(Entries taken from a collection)
-.-.-

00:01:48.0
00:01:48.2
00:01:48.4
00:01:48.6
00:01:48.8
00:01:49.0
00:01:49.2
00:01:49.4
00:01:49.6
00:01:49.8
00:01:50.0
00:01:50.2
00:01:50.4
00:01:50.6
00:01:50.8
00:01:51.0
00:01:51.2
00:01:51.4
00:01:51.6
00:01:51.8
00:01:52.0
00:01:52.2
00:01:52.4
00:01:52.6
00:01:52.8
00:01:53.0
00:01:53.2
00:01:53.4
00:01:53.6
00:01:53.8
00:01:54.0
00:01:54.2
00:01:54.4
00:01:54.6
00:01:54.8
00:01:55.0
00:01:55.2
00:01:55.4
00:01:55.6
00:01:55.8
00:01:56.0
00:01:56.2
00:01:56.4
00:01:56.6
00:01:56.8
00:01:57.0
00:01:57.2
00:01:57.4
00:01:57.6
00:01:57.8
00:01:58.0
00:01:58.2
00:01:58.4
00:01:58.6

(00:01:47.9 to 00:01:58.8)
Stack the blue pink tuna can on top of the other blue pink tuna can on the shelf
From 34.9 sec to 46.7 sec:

-.-.-

## What is needed
Keep every word intact and transcribe the records in full.

## Worked solution
00:01:48.0
00:01:48.2
00:01:48.4
00:01:48.6
00:01:48.8
00:01:49.0
00:01:49.2
00:01:49.4
00:01:49.6
00:01:49.8
00:01:50.0
00:01:50.2
00:01:50.4
00:01:50.6
00:01:50.8
00:01:51.0
00:01:51.2
00:01:51.4
00:01:51.6
00:01:51.8
00:01:52.0
00:01:52.2
00:01:52.4
00:01:52.6
00:01:52.8
00:01:53.0
00:01:53.2
00:01:53.4
00:01:53.6
00:01:53.8
00:01:54.0
00:01:54.2
00:01:54.4
00:01:54.6
00:01:54.8
00:01:55.0
00:01:55.2
00:01:55.4
00:01:55.6
00:01:55.8
00:01:56.0
00:01:56.2
00:01:56.4
00:01:56.6
00:01:56.8
00:01:57.0
00:01:57.2
00:01:57.4
00:01:57.6
00:01:57.8
00:01:58.0
00:01:58.2
00:01:58.4
00:01:58.6

(00:01:47.9 to 00:01:58.8)
Stack the blue pink tuna can on top of the other blue pink tuna can on the shelf
From 34.9 sec to 46.7 sec:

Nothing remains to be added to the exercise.